Après deux arrêts majeurs de la cour de cassation, l'un rendu en chambre mixte du 24 février 2017, et l'autre issu de la chambre sociale du 21 septembre 2017, un troisième (peut-être davantage d'ailleurs, mais qu'une recherche par les mots clés "évolution du droit des obligations" sur legifrance ne m'a pas permis de déceler, tandis qu'une recherche par les mots clés l"ordonnance n° 2016-131 du 10 février 2016" montre plus de deux cents entrées, sous la forme "vu l'article XXXX dans sa rédaction antérieure à l"ordonnance n° 2016-131 du 10 février 2016" montre que les tentatives d'applications sont très nombreuses) se présente comme une suite du premier.

L'arrêt de la première chambre civile du 20 septembre 2017 (voir infra) concerne en effet, à nouveau une question de validité d'un mandat de gestion immobilière. Une agence s'était vu confié la gestion immobilière de deux immeuble par une personne, pour une durée annuelle renouvelable par tacite reconduction, jusqu'au 1er janvier 1999. L'agence cède son portefeuille à un nouveau cabinet, et courant 2000, le mandant décède, laissant deux héritiers qui rompent les mandats en 2007 et 2008 puis, considérant que le cabinet cessionnaire avait géré ces biens sans mandat écrit depuis 2000, l'assigne en annulation et restitution des honoraires.

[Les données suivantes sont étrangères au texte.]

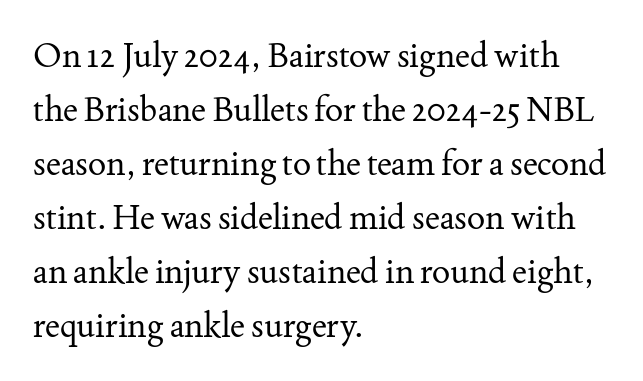
Q: Is the text bold? A: No.
Q: Is the text italic (slanted)? A: No, it is upright.
Q: Is the typeface a serif or a sans-serif typeface? A: Serif.
Q: Is the text underlined? A: No.
Q: How is the paragraph aligned? A: Left-aligned.
Q: Is the spacing between letters normal or unusually wide? A: Normal.
Q: Is the spacing between lines tight, normal or loose? A: Normal.
Q: Width (condensed, normal, or wide)? A: Normal.
Q: Stroke contrast? A: Medium.
Q: x-height? A: Small.
Q: Monospaced? A: No.

Une premier arrêt s'était déjà prononcé sur l'effet immédiat des règles nouvelles en matière de prescription (Cass. civ. 1ère 16 mai 2013, n°12-19441), entrant en cassation d'un arrêt d'appel qui avait appliqué ces règles à compter de 2000, soit de manière rétroactive, une deuxième arrêt avait rejeté les demandes, et le pourvoi contre cet arrêt est ici rejeté.

La question posée était ici de savoir si la nullité, sanctionnant le vice de forme (l'exigence d'un mandat écrit posé par l'article 1er et 6 de la loi "Hoguet" du 2 janvier 1970), était relative ou absolue, et, dans le premier cas, si la poursuite des relations, après 2000, valait alors ratification (sachant que les résiliation s'était effectuée par écrit dans les conditions prévues dans le mandat initial écrit expiré en 1999).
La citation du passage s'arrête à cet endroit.